## [Aim of the task]
Repeat all of the data below word for word, keeping no images.

____________________

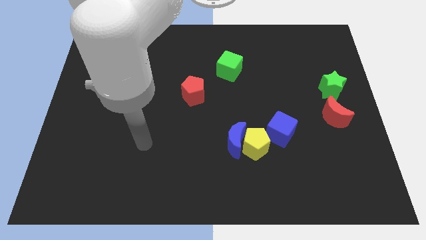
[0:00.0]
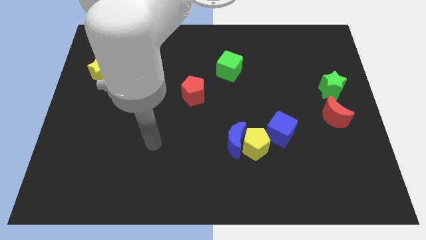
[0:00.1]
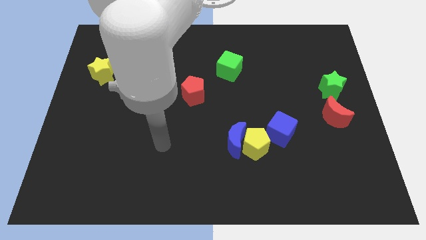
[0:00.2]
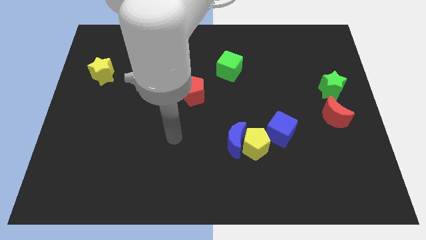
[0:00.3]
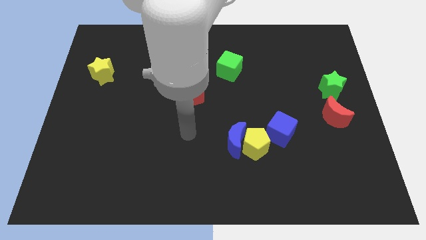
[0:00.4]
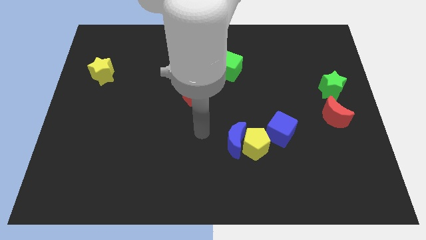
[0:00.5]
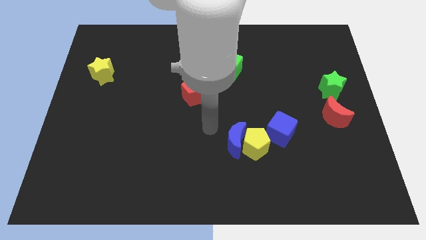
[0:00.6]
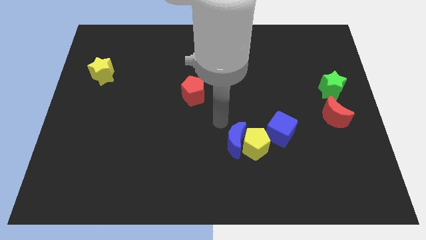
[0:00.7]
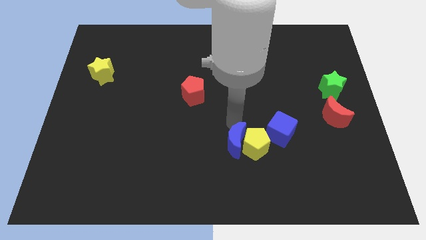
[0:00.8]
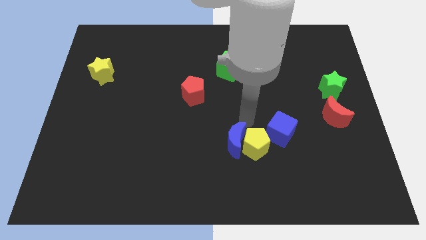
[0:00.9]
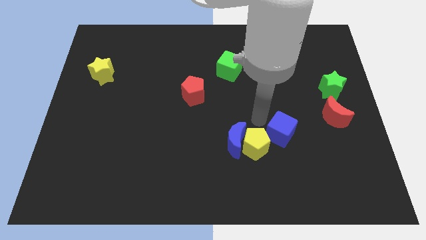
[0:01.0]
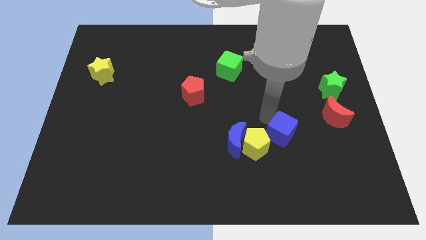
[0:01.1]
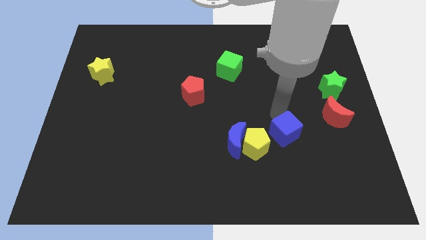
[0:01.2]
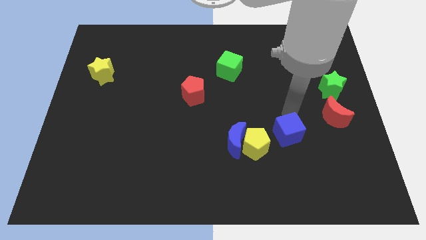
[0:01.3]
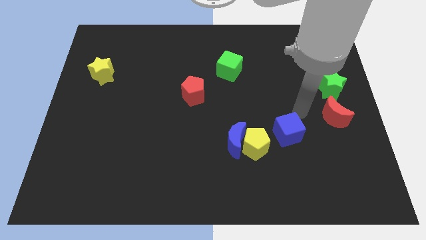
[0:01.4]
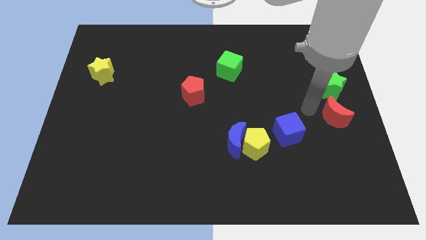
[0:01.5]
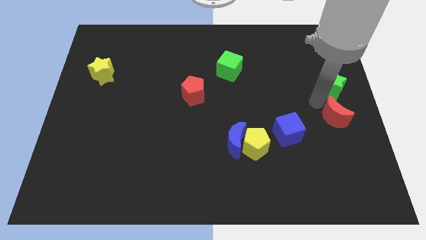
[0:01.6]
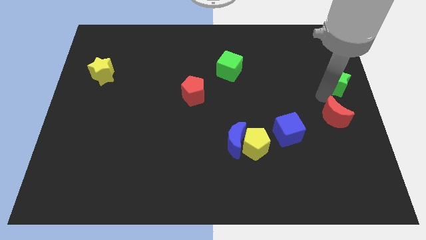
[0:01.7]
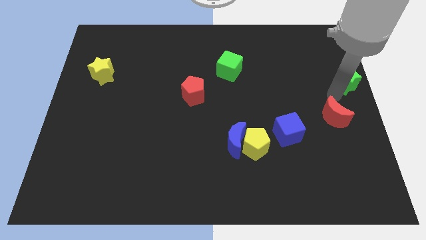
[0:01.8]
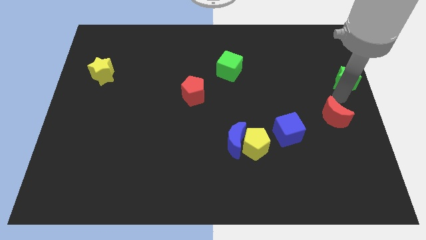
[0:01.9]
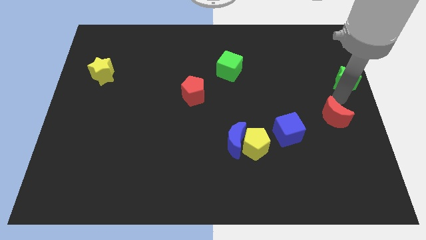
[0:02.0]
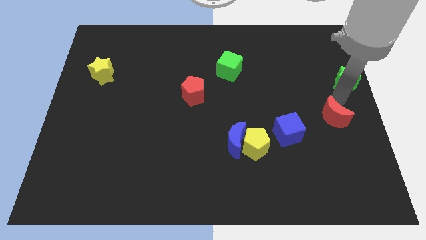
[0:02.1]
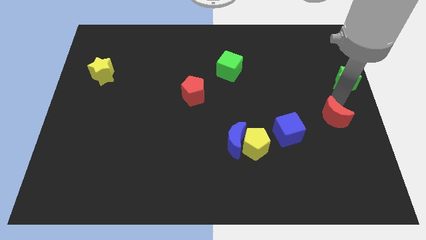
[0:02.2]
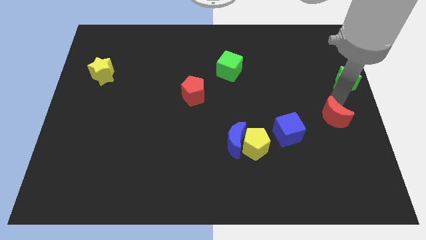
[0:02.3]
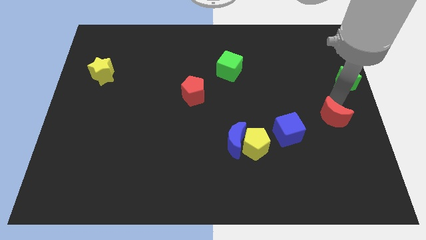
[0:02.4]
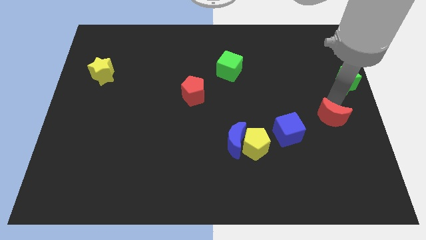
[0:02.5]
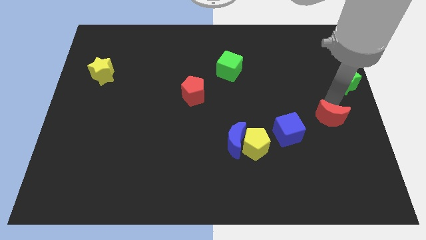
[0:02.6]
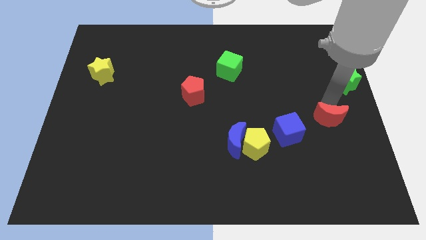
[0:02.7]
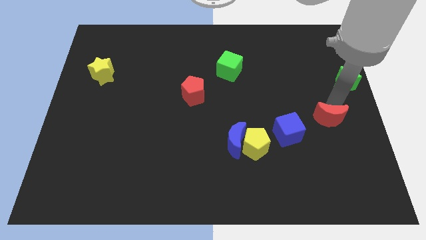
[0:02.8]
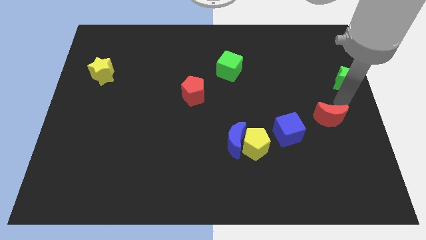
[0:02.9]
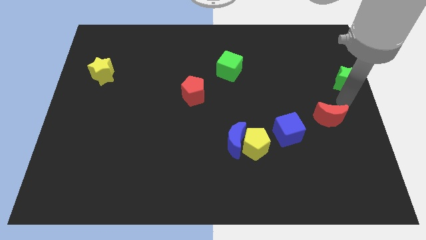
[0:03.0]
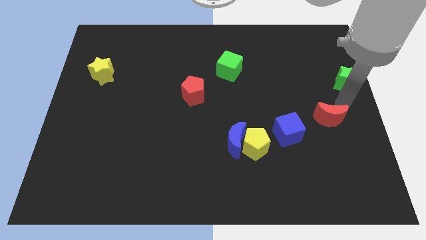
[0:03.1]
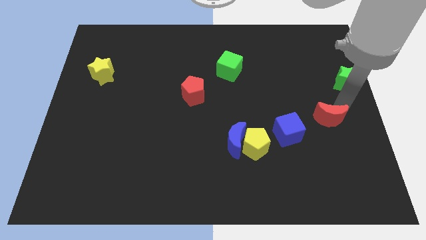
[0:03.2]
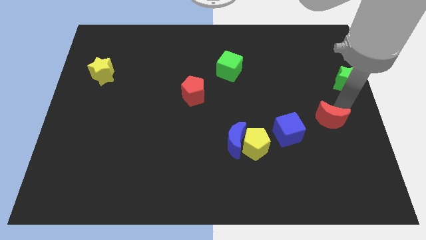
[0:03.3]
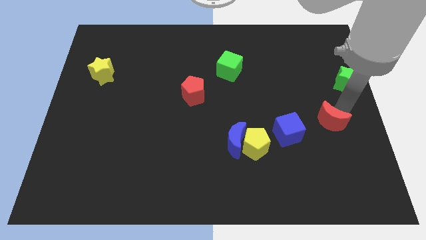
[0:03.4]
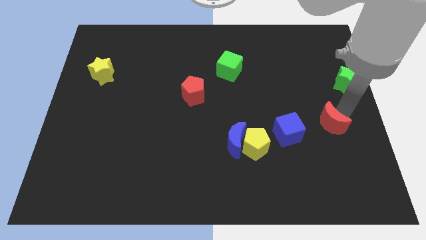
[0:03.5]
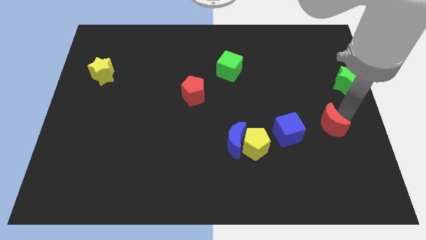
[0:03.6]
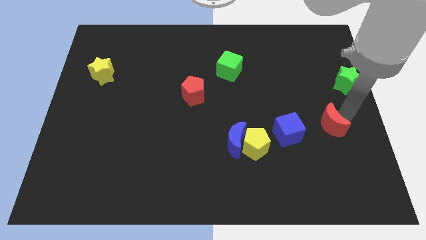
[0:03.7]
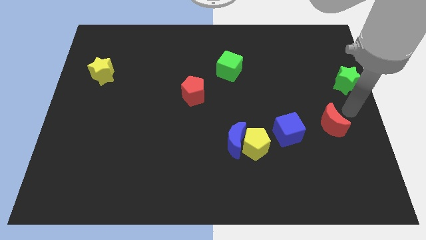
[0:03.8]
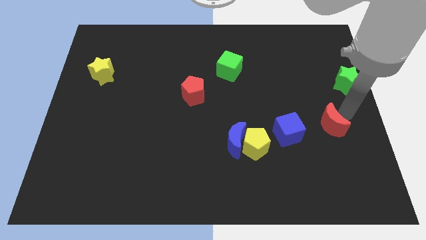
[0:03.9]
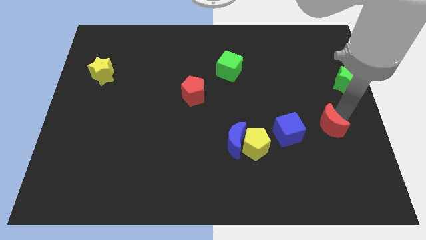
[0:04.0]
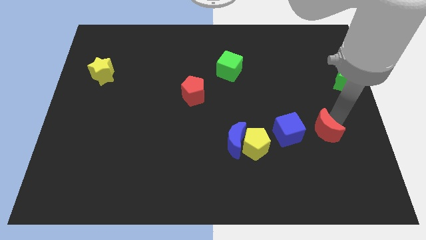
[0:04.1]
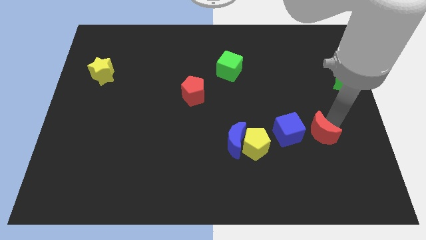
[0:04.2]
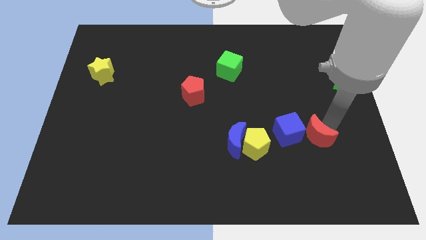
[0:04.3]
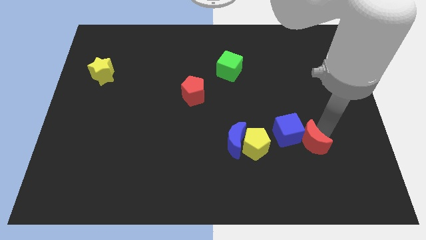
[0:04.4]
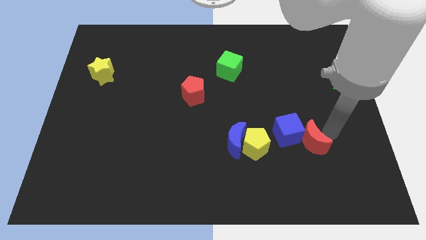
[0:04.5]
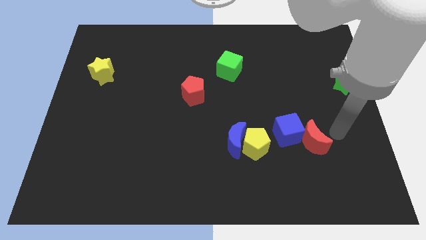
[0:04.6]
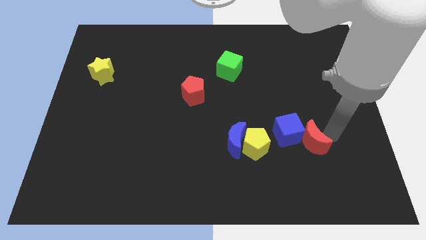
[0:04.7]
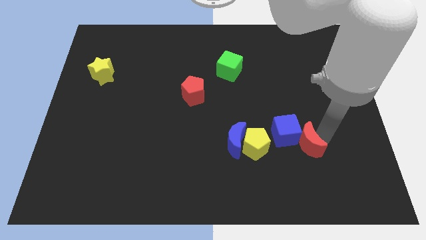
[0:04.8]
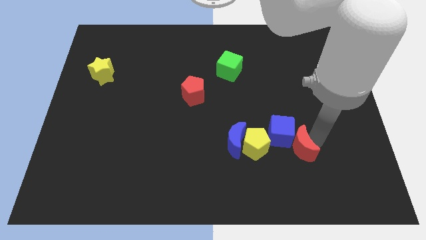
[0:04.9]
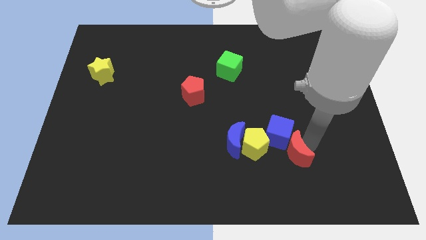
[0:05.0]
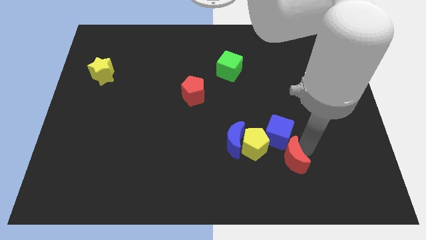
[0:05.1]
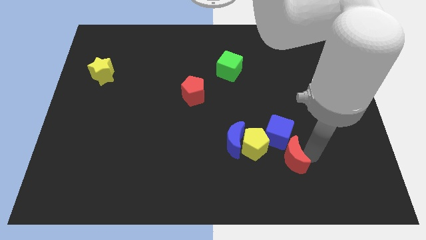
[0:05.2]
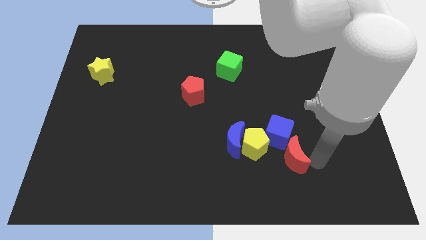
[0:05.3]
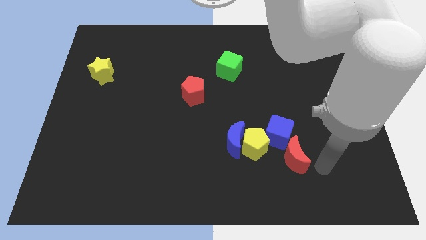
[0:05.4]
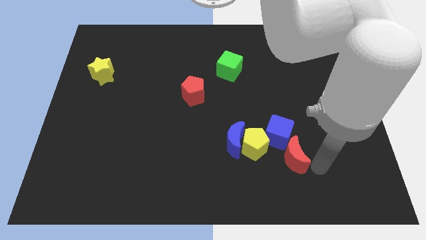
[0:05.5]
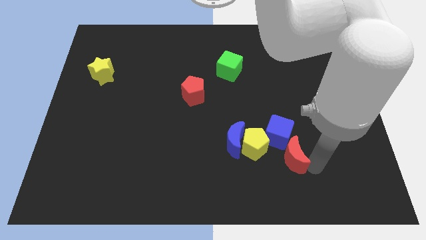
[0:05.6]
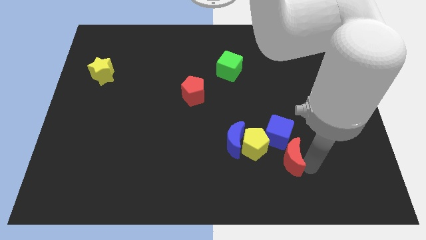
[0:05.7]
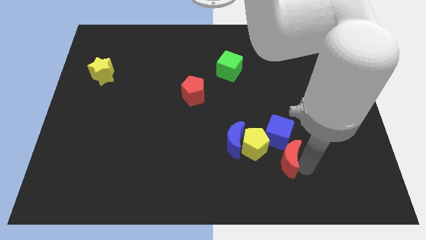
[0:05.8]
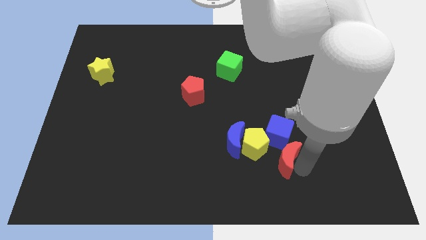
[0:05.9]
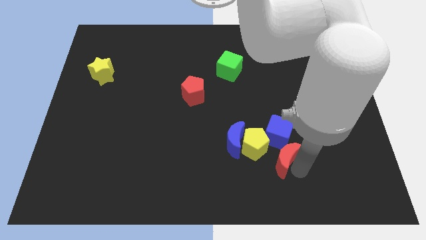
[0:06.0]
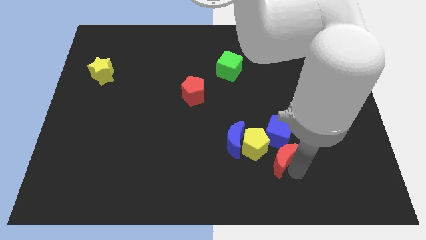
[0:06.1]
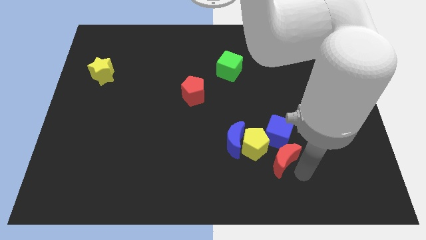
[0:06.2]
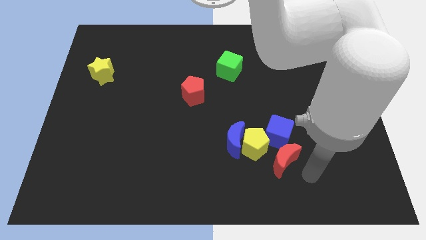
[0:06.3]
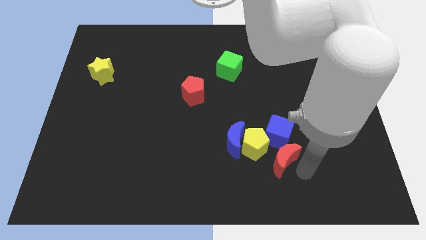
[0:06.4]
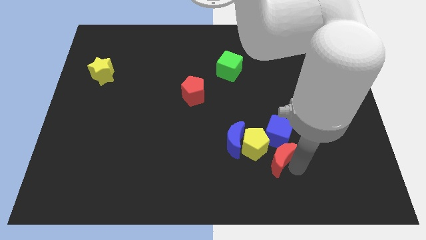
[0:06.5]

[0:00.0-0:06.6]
slide the red moon close to the yellow pentagon

____________________

## [Written solution]
[0:00.0]
[0:00.1]
[0:00.2]
[0:00.3]
[0:00.4]
[0:00.5]
[0:00.6]
[0:00.7]
[0:00.8]
[0:00.9]
[0:01.0]
[0:01.1]
[0:01.2]
[0:01.3]
[0:01.4]
[0:01.5]
[0:01.6]
[0:01.7]
[0:01.8]
[0:01.9]
[0:02.0]
[0:02.1]
[0:02.2]
[0:02.3]
[0:02.4]
[0:02.5]
[0:02.6]
[0:02.7]
[0:02.8]
[0:02.9]
[0:03.0]
[0:03.1]
[0:03.2]
[0:03.3]
[0:03.4]
[0:03.5]
[0:03.6]
[0:03.7]
[0:03.8]
[0:03.9]
[0:04.0]
[0:04.1]
[0:04.2]
[0:04.3]
[0:04.4]
[0:04.5]
[0:04.6]
[0:04.7]
[0:04.8]
[0:04.9]
[0:05.0]
[0:05.1]
[0:05.2]
[0:05.3]
[0:05.4]
[0:05.5]
[0:05.6]
[0:05.7]
[0:05.8]
[0:05.9]
[0:06.0]
[0:06.1]
[0:06.2]
[0:06.3]
[0:06.4]
[0:06.5]

[0:00.0-0:06.6]
slide the red moon close to the yellow pentagon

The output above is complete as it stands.